True to form, I am out of synch with the rest of the world. Musicians are gearing up for a major Beethoven celebration in 2020, the 250th anniversary of his birth, so plan on hearing a lot of Beethoven’s music next year. Meanwhile, here I am – a step ahead, or just out of step? I think Beethoven would approve.
Alongside the “Archduke” Trio, which I wrote about last week, I am also getting reacquainted with Beethoven’s “Waldstein” sonata, the Piano Sonata Op. 53, a very popular work from the middle years of his creative output which I haven’t played in 40 years or so! Like the “Archduke” Trio, Beethoven has dedicated this music to a nobleman, Count von Waldstein. Beethoven so wanted to be a “von” – i.e. a member of the nobility, but a single letter doomed him to be a humble Dutch “van” without any hint of noble blood. We have that in common at least.
The “Waldstein” Sonata is part of a program that I am playing for my mother and the other residents of her retirement community. It’s a small gift I can give to the person who gave me a life of music by filling our home with the music she loved – everything from Harry Belafonte to the Mamas and Papas to Mozart. She got to choose anything she wanted for my program…and the Beethoven Sonata is joined by music of Philip Glass, and a piece by Albeniz that really should be on the guitar instead of the piano, and a sweet little piece that she loves more than anything, “Dance of the Blessed Spirits” that is supposedly from Gluck’s opera Orfeo ed Euridice, with a little Chopin and Liszt thrown in for good measure. My mother has dementia, and her world seems to be shrinking more each time I see her, but music keeps us connected, at least in the moment.

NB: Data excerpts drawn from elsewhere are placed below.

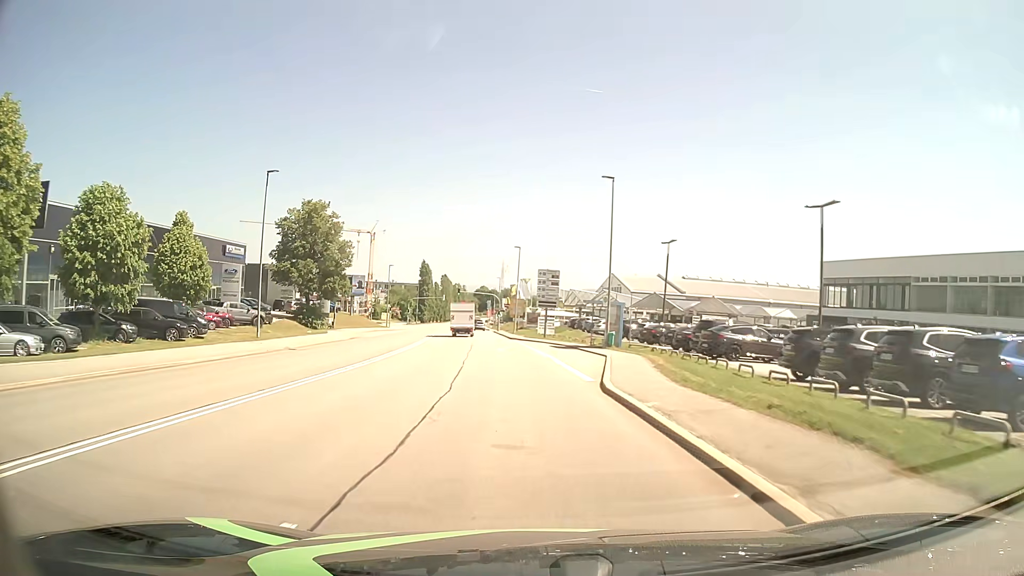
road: secondary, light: Day
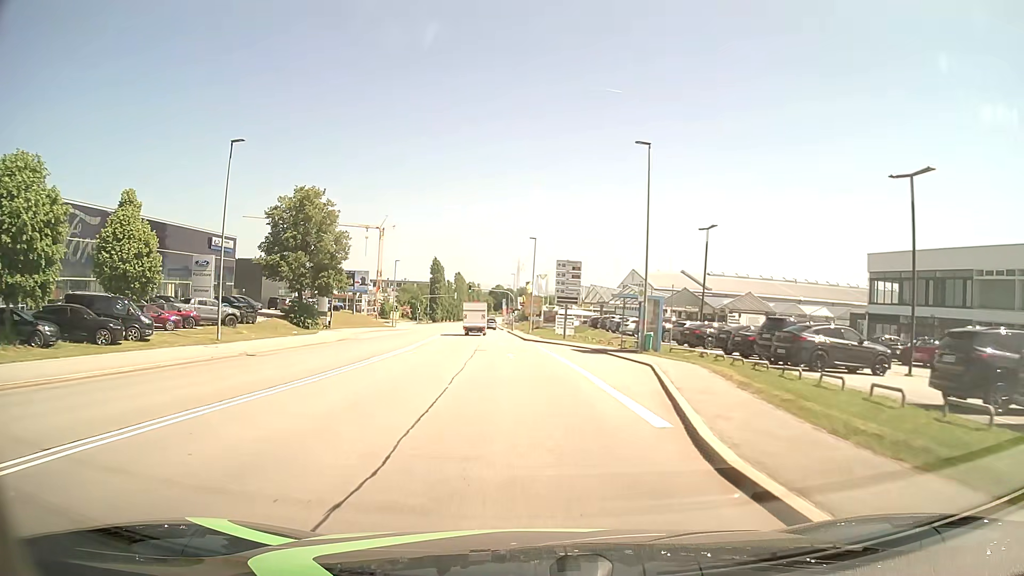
(-0.1, +7.6) m; -2°
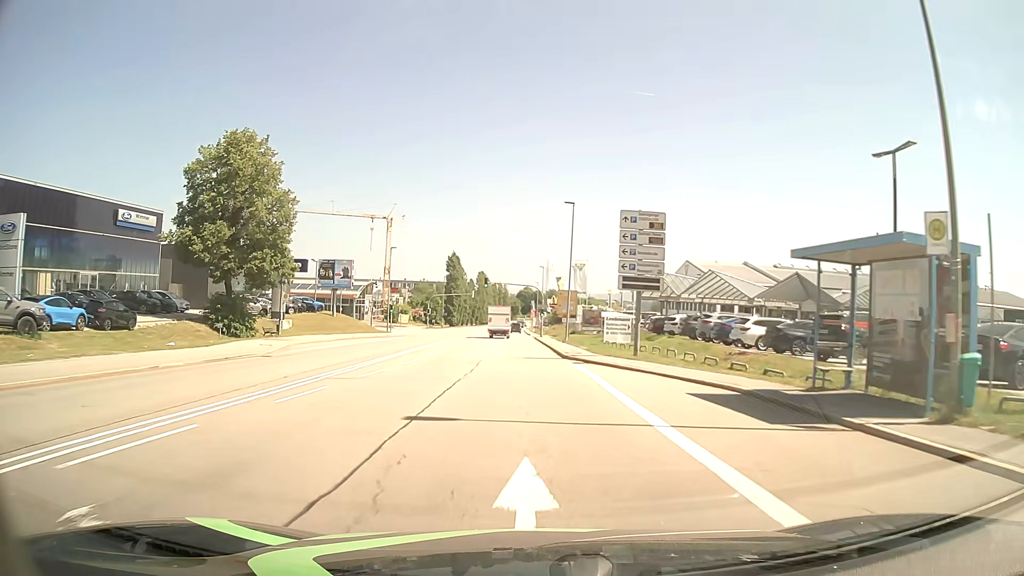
(-0.5, +23.0) m; -2°
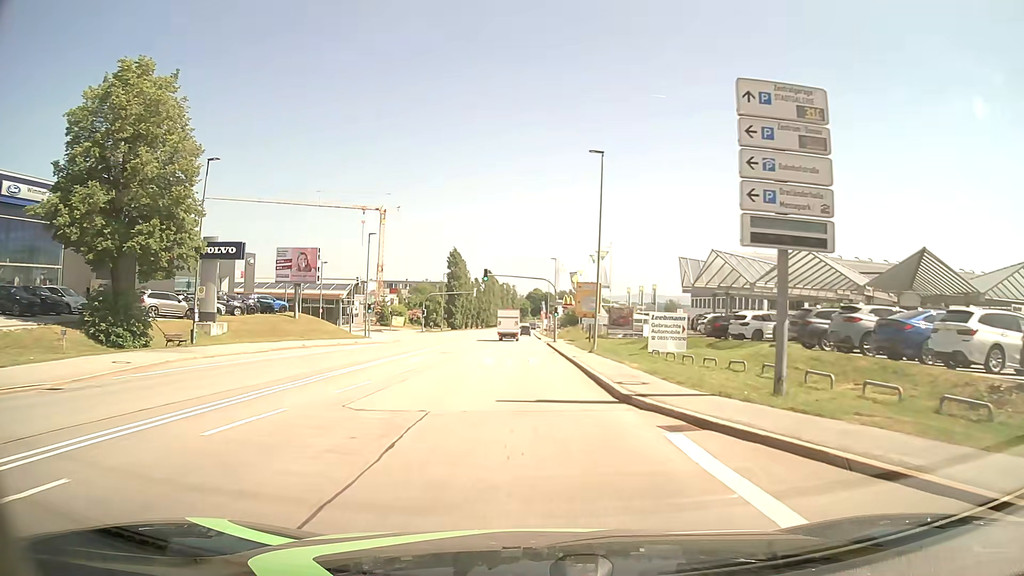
(-0.1, +15.3) m; -1°
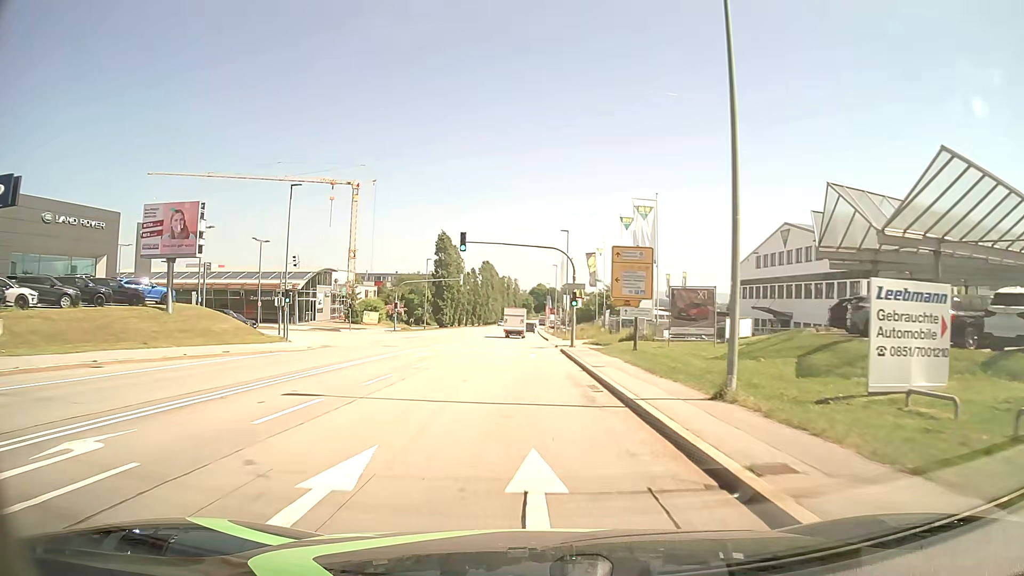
(-0.1, +23.0) m; 0°
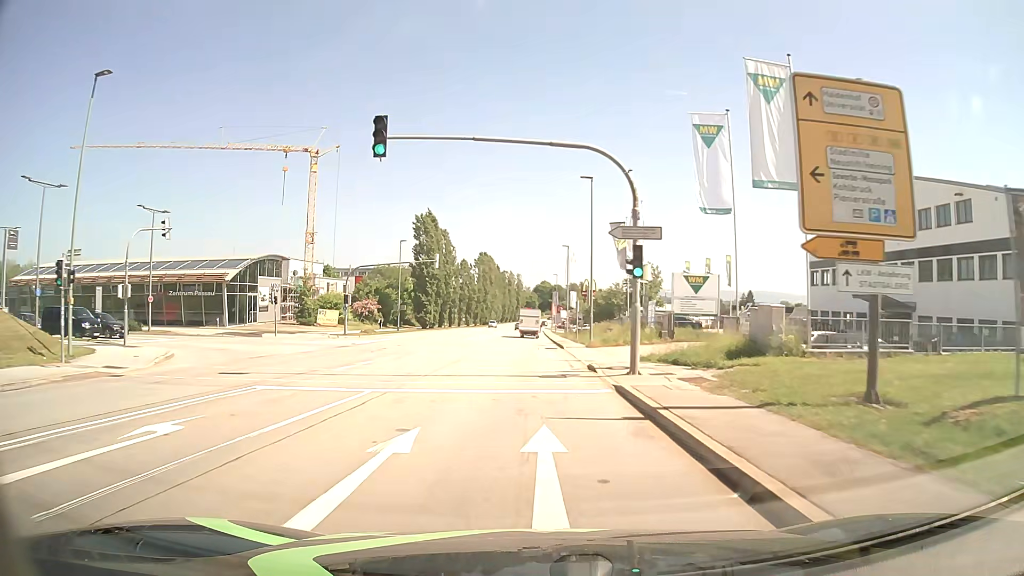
(-0.1, +23.0) m; 0°
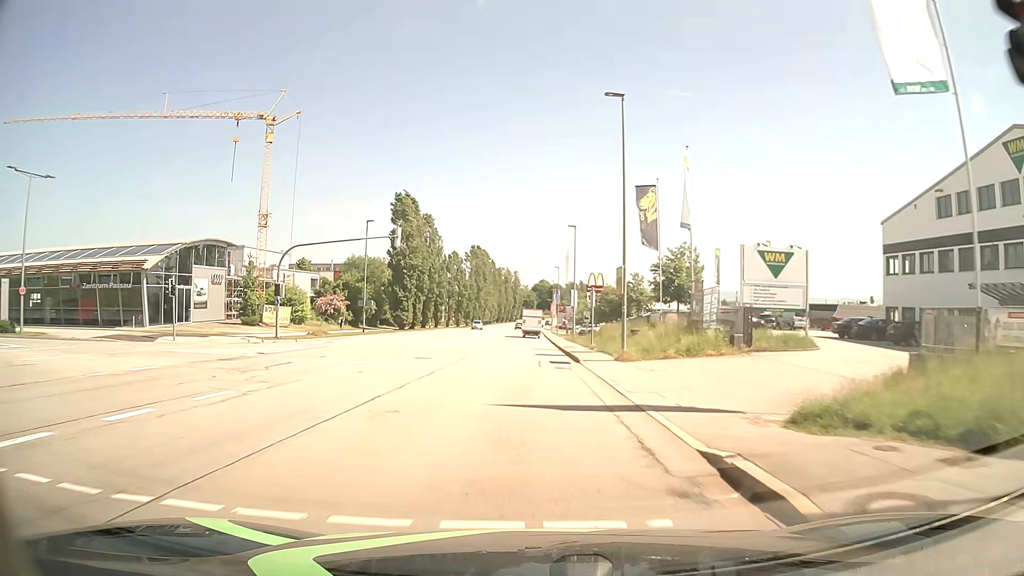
(-0.1, +15.3) m; 0°
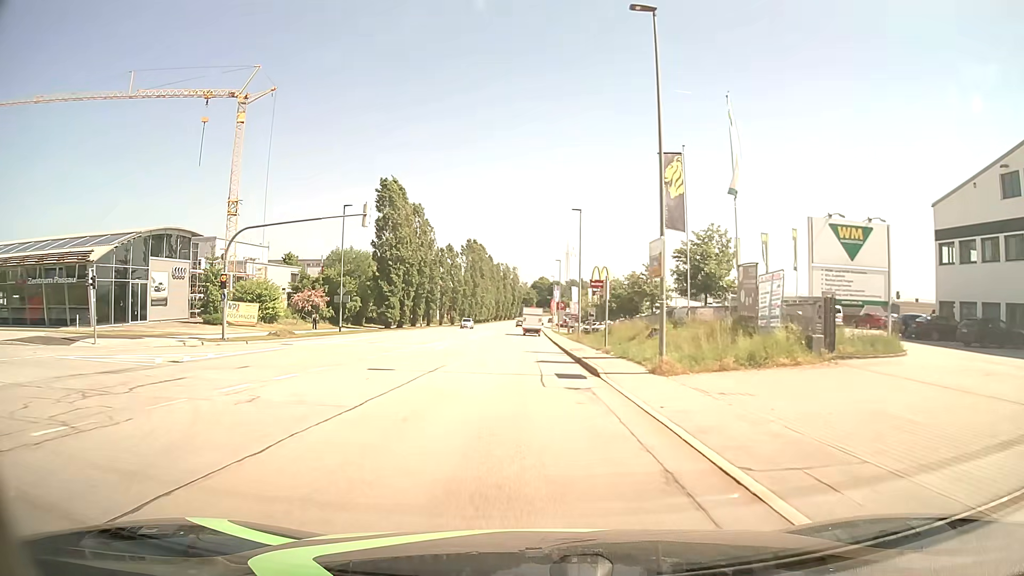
(0.0, +7.7) m; 0°
(0, +10) (0, +20) (0, +30) (0, +40) (0, +50) (0, +60) (0, +70) (0, +80) (0, +90) (0, +100) m

Beethoven performed as a pianist for the last time when he played the premiere of his “Archduke” Trio in 1814. I wonder if he knew then that it would be his final concert as a pianist. How often do we do something with the knowledge that it is the last time? There are happy finalities – like making a last mortgage payment – but mostly I think we would be pretty sad to know we are having a final experience of something integral to our lives. When will it be the last time that my mom knows who I am?
As Beethoven’s deafness worsened, it may have appeared that his world got smaller and smaller, but in that isolated universe he went on to create great expanses of music which pushed the boundaries of tonality and form. It wasn’t a limited experience at all inside his head, it would seem. Even as I am shut out of the life I shared with my mother, perhaps there is a richness of sounds and experiences inside her isolated world that are unknown by those on the outside. I hope so.
I learn a lot about myself when I play Beethoven. He wears his heart, and his frustration, on his sleeve – or so it seems when I hear his music. Expressing emotions in creatively productive ways is certainly one lesson to be gained. And too, his music seems to contain everything that the beautiful reading from the Bible’s Ecclesiastes teaches us about the span of a lifetime. That there is a time to be sad and a time to be joyful. A time to be serious and another to be silly. Times to be in control of our feelings and others when we should be unabashedly exuberant. Times to sing and times to be silent, times to dance and times to be still.